I think that there is a big difference between using a term to describe a game, or a playing style, in order to discuss it with other people ... as opposed to using the same term to compare games or playing styles.

And it's the second usage that causes the problems.

To use "skilled play," as an example- if you are talking with fellow OSR or OD&D enthusiasts, then you can use the term to talk about something you want from the game itself. You want "skilled play" as the preferred method of playing.

Where the trouble arises is when you using it as a comparator, because then you're saying that one game has more "skilled play" than another game. And while you might be correct in the narrow, technical "jargon" meaning of the word that is used in certain circles, you are certainly not going to get much traction by talking about which games require more "skilled play" (general meaning) than other games.

You can rinse and repeat with a lot of terms we see bandied about.
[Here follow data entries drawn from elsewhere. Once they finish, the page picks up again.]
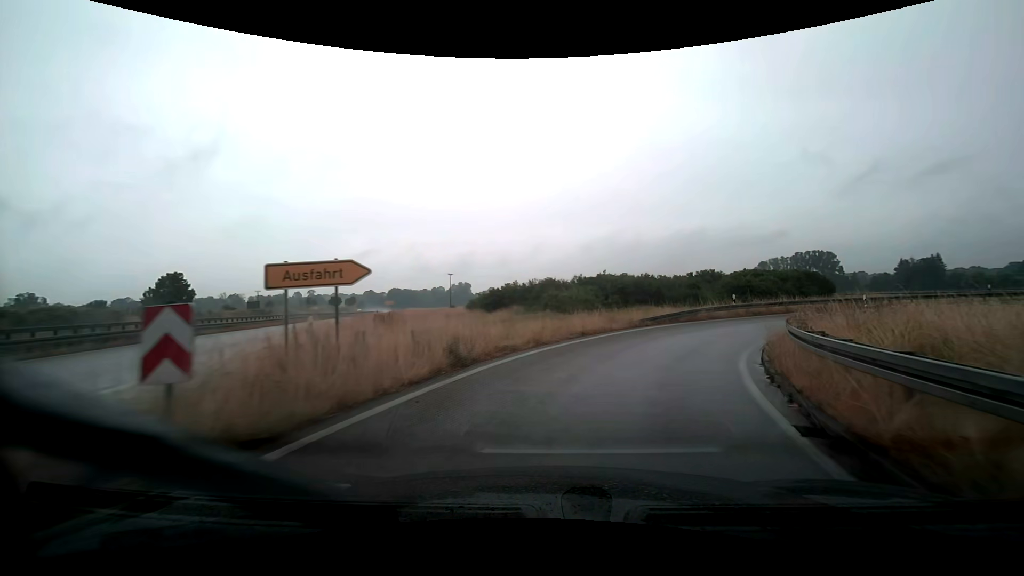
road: trunk_link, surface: asphalt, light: Day
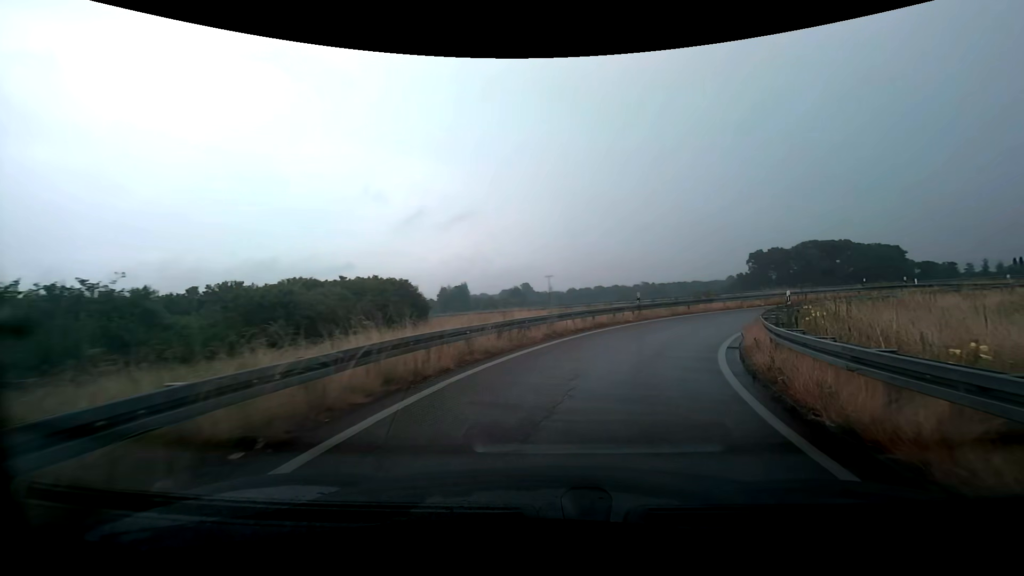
(+9.7, +25.8) m; +45°
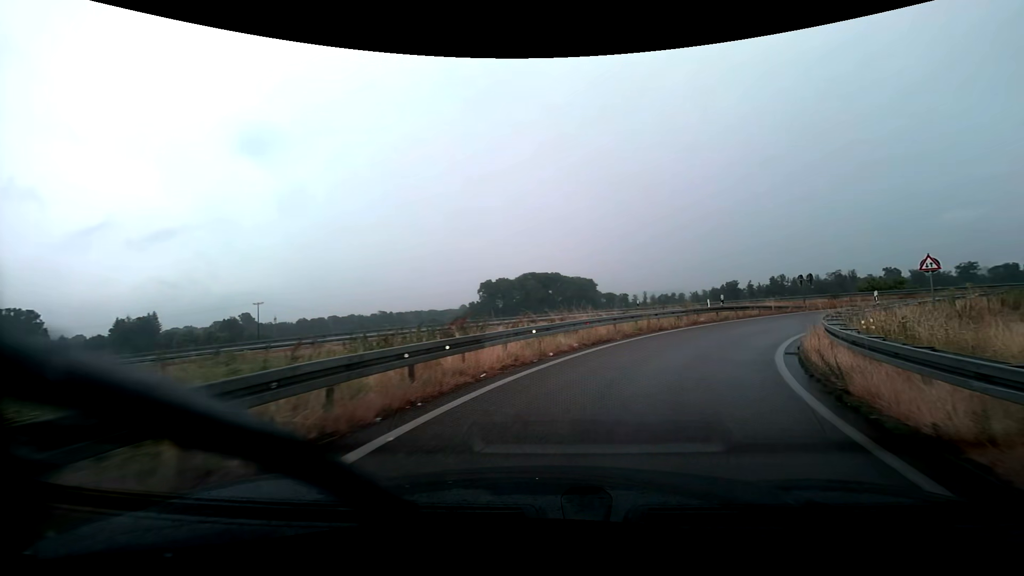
(+6.0, +21.7) m; +31°
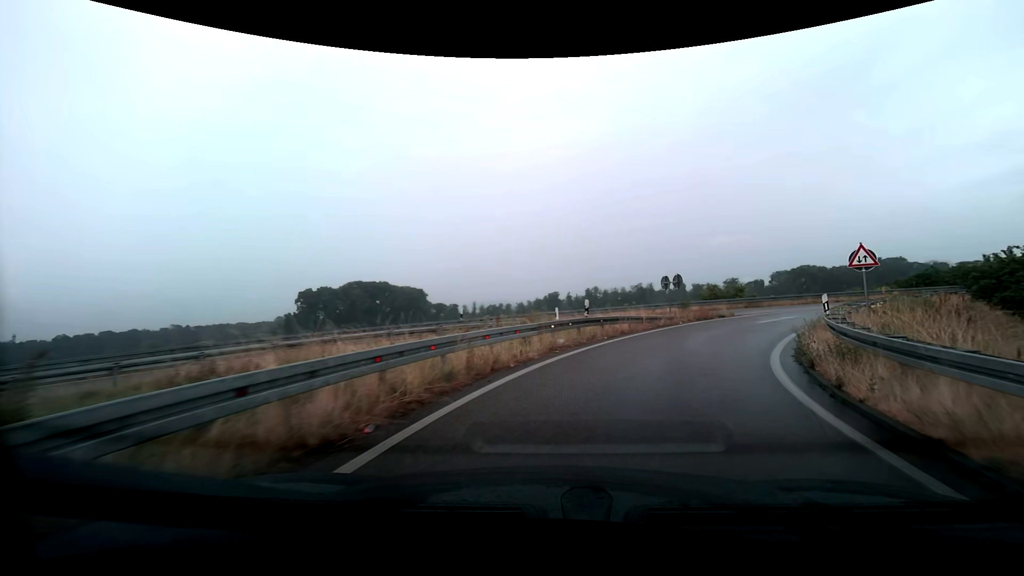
(+1.8, +11.9) m; +17°
(+1, +10) (+6, +19) (+12, +26) (+21, +32) (+30, +35) (+40, +37) (+50, +38) (+60, +38) (+70, +38) (+80, +37) m

Does anyone want to say they play a "low-trust" game? That their game has a lot of "mother may I?" That their game lacks "player agency?"

The reason people get offended is because, more often than not, there are conversations wherein people are trying to evangelize a certain game (or playing style) as superior to others through the use of jargon. And that's usually not helpful.

Again, we should be able to talk about how awesome our thing is, without denigrating something else. Which, to be fair, seems to be incredibly hard to do based on the evidence at hand.
Perhaps preemptively labelling the opposite style would be beneficial. Because the opposite of “player skill” in this context is “character skill.” If people insist on saying “skilled play” when that’s not really what’s being talked about that will inevitably lead to the opposite being “unskilled play,” and at that point it’s practically an own goal.

People will get offended and take offense just because they can, regardless of whether they actually are or not. We shouldn’t pretend this is some closed community with 100% good-faith actors. Trolls exist and will troll. We can’t stop that and people learn to skirt the letter of the rules real fast. Any attempt to build consensus is doomed to fail on a public forum.

A lot of people are perfectly capable of talking up their cool thing without talking down someone else’s. Generally it’s the people in the second group taking offense and going on the attack that’s the problem.

“Man, I love old-school skilled play…”

“How dare you say new-school is unskilled play!”

“I love when I have agency as a player in game X…”

“How dare you say you lack agency in game Y!”

“I love chocolate ice cream.”

“How dare you say you hate strawberry ice cream.”
 

overgeeked

B/X Known World
I mean. Look at linguistics and dictionaries. They’re descriptive rather than prescriptive. They describe how the language is actually used rather than prescribe how the language should be used. You will never get consensus on a single definition of a term. But you can build a list of terms and break out the various ways the term is used. Having something like that to point to might be useful. But at least it’s something that can be done. That might be enough to reduce arguments. If people are actually interested in understanding rather than just attacking each other.
 


Micah Sweet

Level Up & OSR Enthusiast
Since you have been promoting narrative-based playstyles (you're a fan; I don't blame you), and equating them with high-agency gaming, which by our understanding of the English language is hard to separate from good gaming, I think we're all in the same boat regarding jargon.